Votação na generalidade — DAR I série — 46-46
I SÉRIE — NÚMERO 142 46 O Sr. Tiago Moreira de Sá (PSD): — Sr. Presidente, Tiago Moreira de Sá, apresentarei uma declaração de voto. O Sr. António Maló de Abreu (PSD): — Sr. Presidente, António Maló de Abreu, apresentarei uma declaração de voto. O Sr. António Topa Gomes (PSD): — Sr. Presidente, António Topa Gomes, apresentarei também uma declaração de voto. O Sr. António Prôa (PSD): — Sr. Presidente, António Prôa, também apresentarei uma declaração de voto. O Sr. André Coelho Lima (PSD): — Sr. Presidente, André Coelho Lima, é para o mesmo efeito. O Sr. Carlos Eduardo Reis (PSD): — Sr. Presidente, Carlos Eduardo Reis, é para o mesmo efeito. O Sr. Fernando Negrão (PSD): — Sr. Presidente, apresentarei uma declaração de voto relativamente às duas iniciativas legislativas acabadas de votar. O Sr. José Silvano (PSD): — Sr. Presidente, José Silvano, também vou apresentar uma declaração de voto. A Sr.ª Maria Emília Apolinário (PSD): — Sr. Presidente, tinha-o dito na anterior deliberação e volto a reiterar que apresentarei uma declaração de voto. A Sr.ª Inês de Sousa Real (PAN): — Sr. Presidente, é para indicar que também apresentarei uma declaração de voto. O Sr. João Dias Coelho (PSD): — Sr. Presidente, reitero também que vou apresentar uma declaração de voto. O Sr. Presidente (Adão Silva): — Fica registado, Srs. Deputados. Passamos, agora, às votações na generalidade.

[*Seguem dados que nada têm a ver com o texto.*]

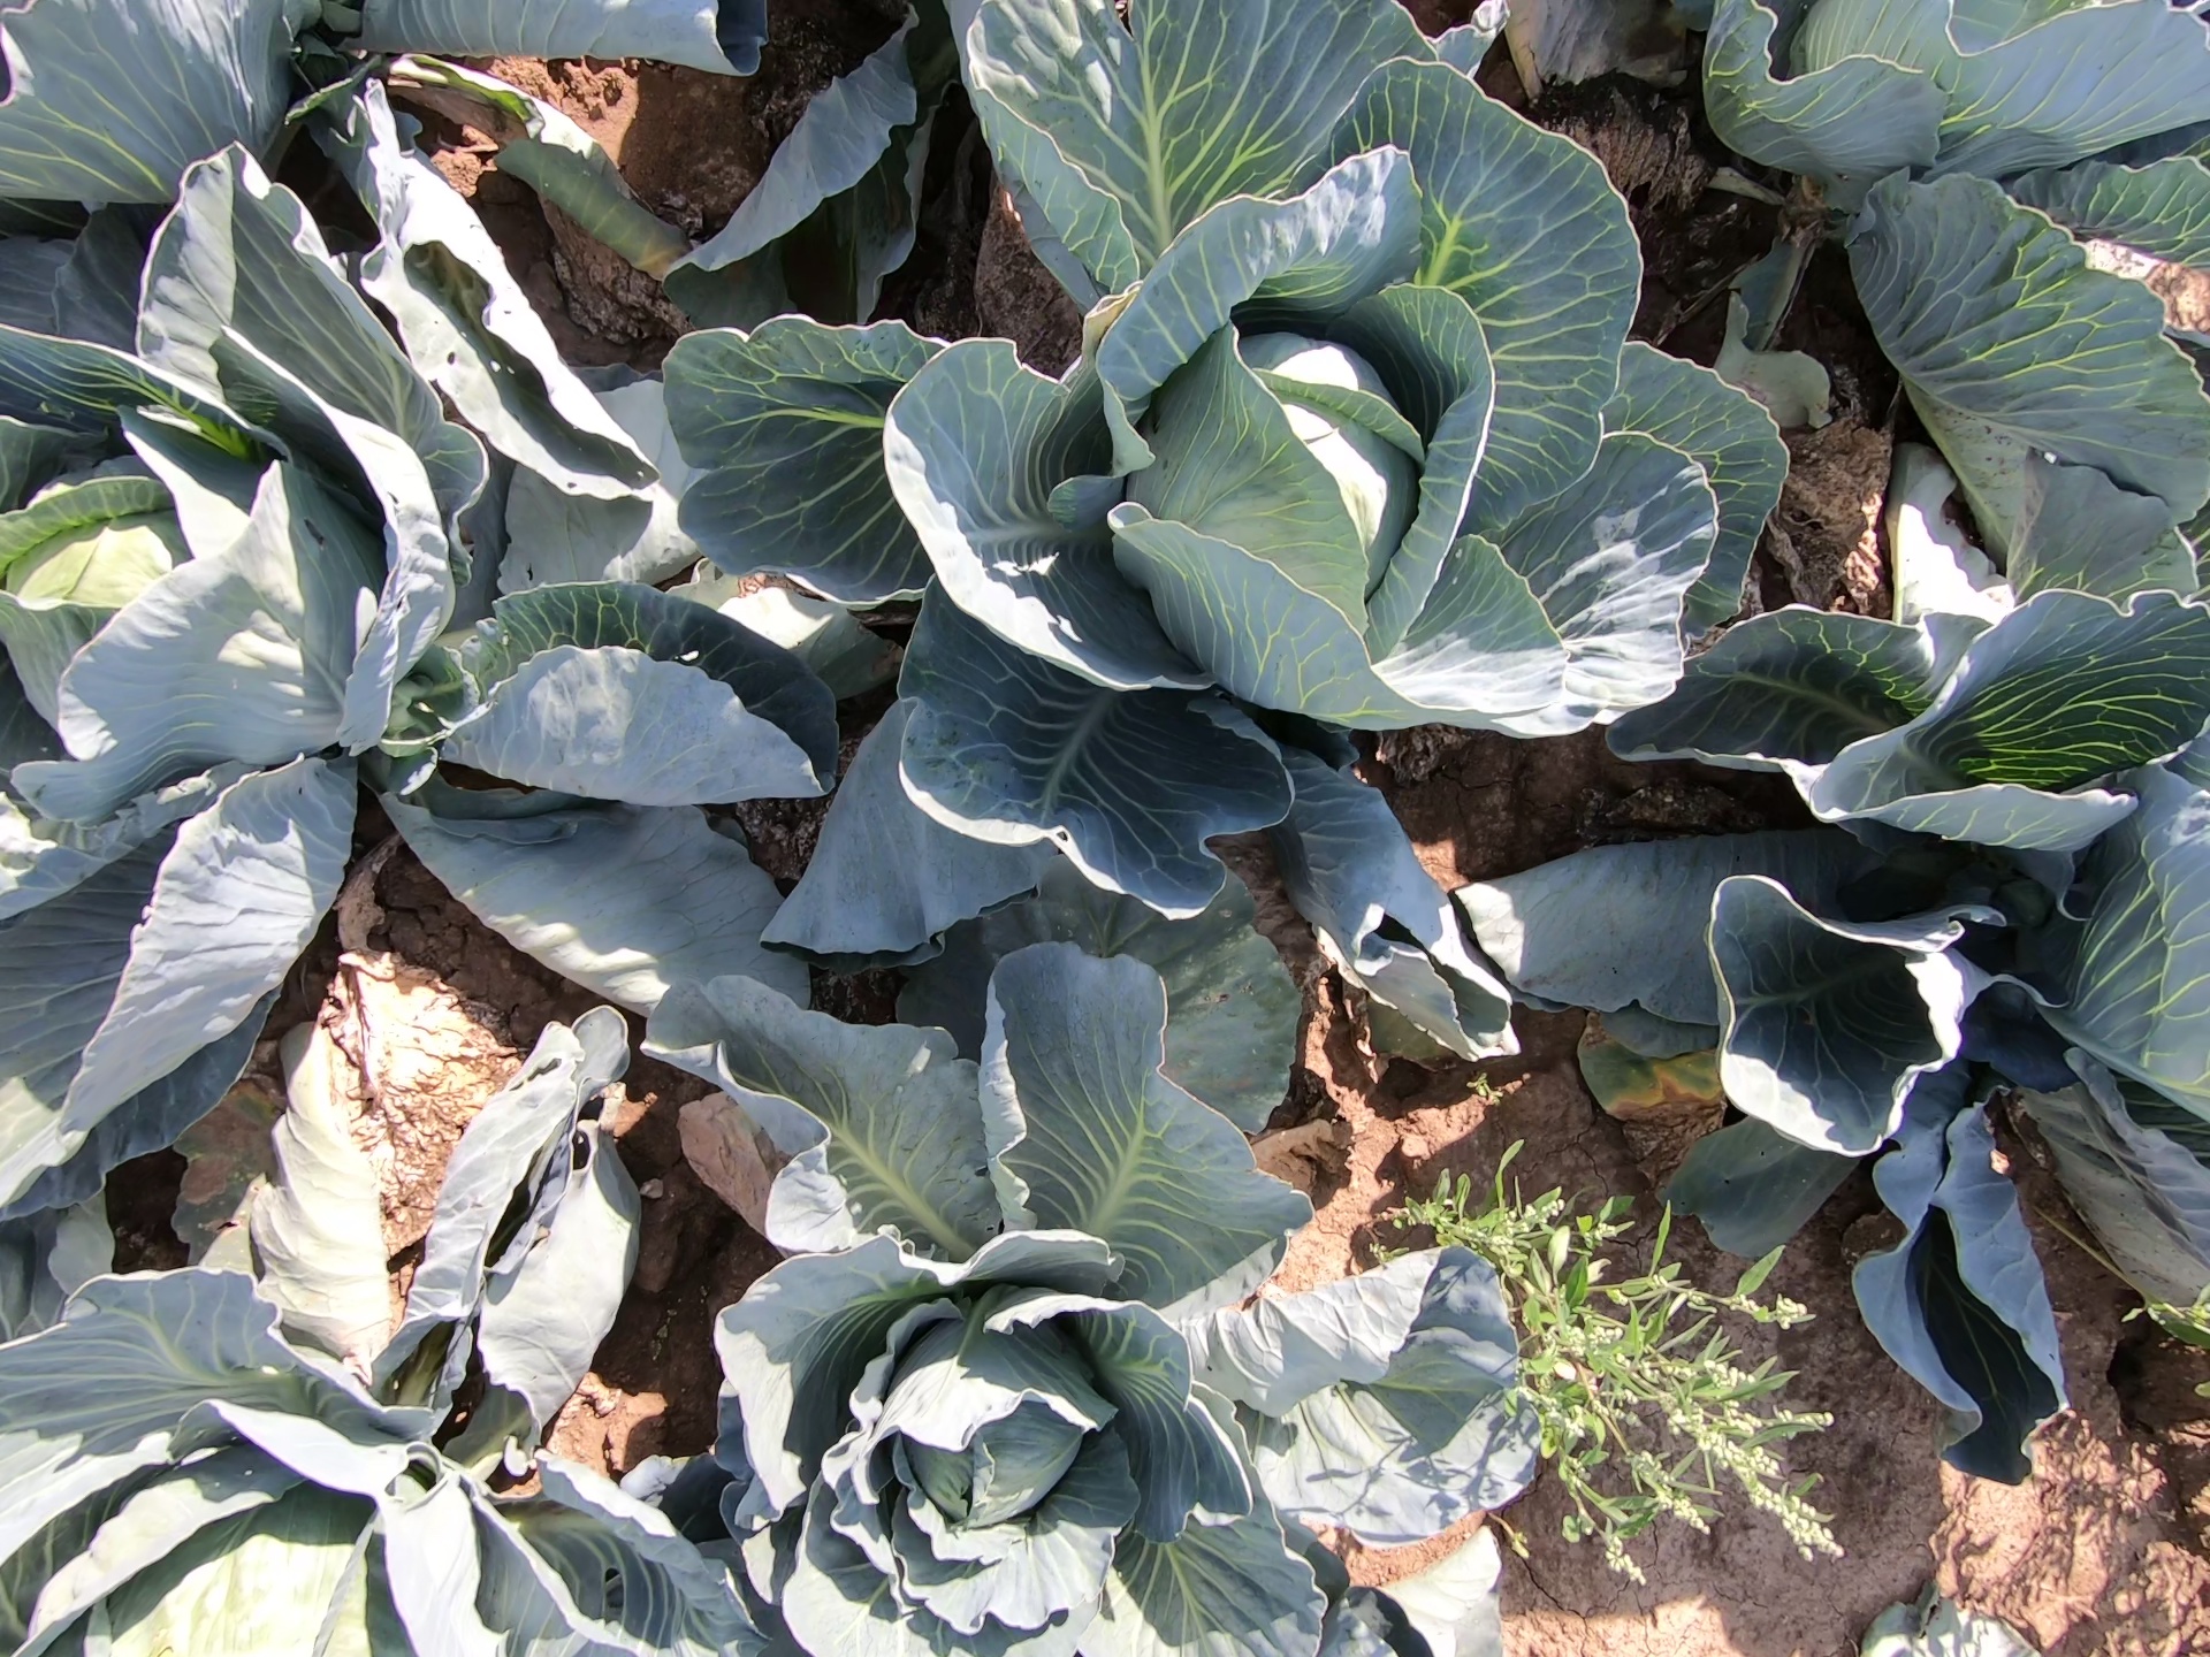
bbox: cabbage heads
[906,1315,1070,1517]
[76,1468,457,1652]
[5,457,346,754]
[1157,331,1415,631]
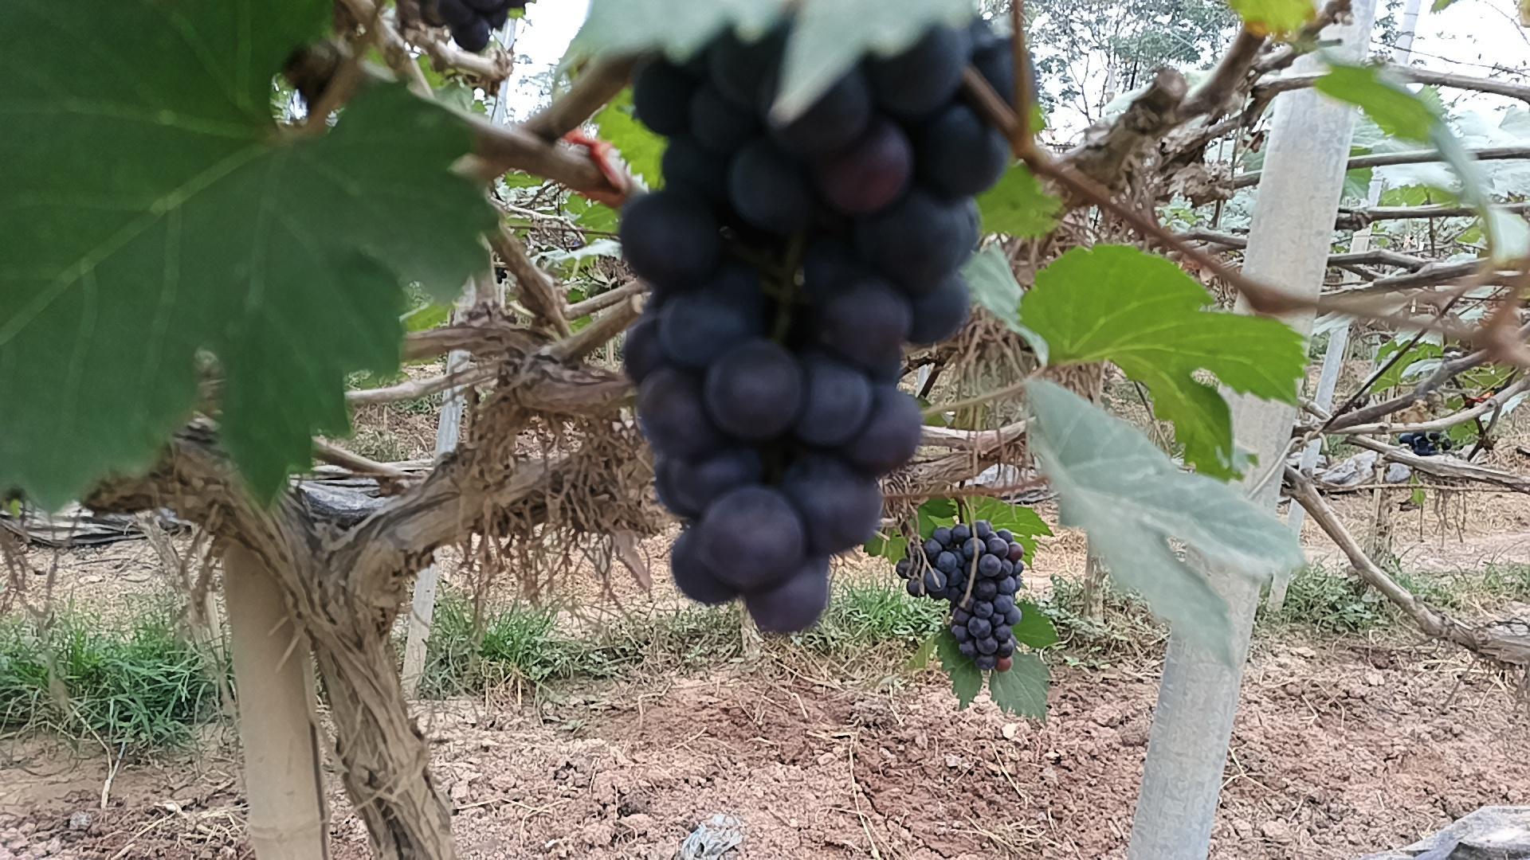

Começamos por votar, na generalidade, o Projeto de Lei n.º 742/XV/1.ª (BE) — Garante o pagamento por vale de postal do apoio extraordinário às famílias mais vulneráveis e a sua impenhorabilidade. Submetido à votação, foi aprovado, com votos a favor do PSD, do CH, da IL, do PCP, do BE, do PAN e do L e a abstenção do PS. Este projeto baixa à 10.ª Comissão. Passamos agora à votação, na generalidade, do Projeto de Lei n.º 793/XV/1.ª (PCP) — Alarga as formas de pagamento do apoio extraordinário às famílias mais vulneráveis, alterando o Decreto-Lei n.º 21-A/2023, de 28 de março. Submetido à votação, foi aprovado, com votos a favor do PSD, do CH, da IL, do PCP, do BE, do PAN e do L e a abstenção do PS. Este diploma baixa à 10.ª Comissão. Seguimos com a votação, na generalidade, do Projeto de Lei n.º 800/XV/1.ª (CH) — Adita o apoio aos desempregados de longa duração ao conjunto de prestações sociais mínimas cumuláveis com o apoio extraordinário previsto no Decreto-Lei n.º 21-A/2023, de 28 de março (primeira alteração ao Decreto-Lei n.º 21- A/2023, de 28 de março).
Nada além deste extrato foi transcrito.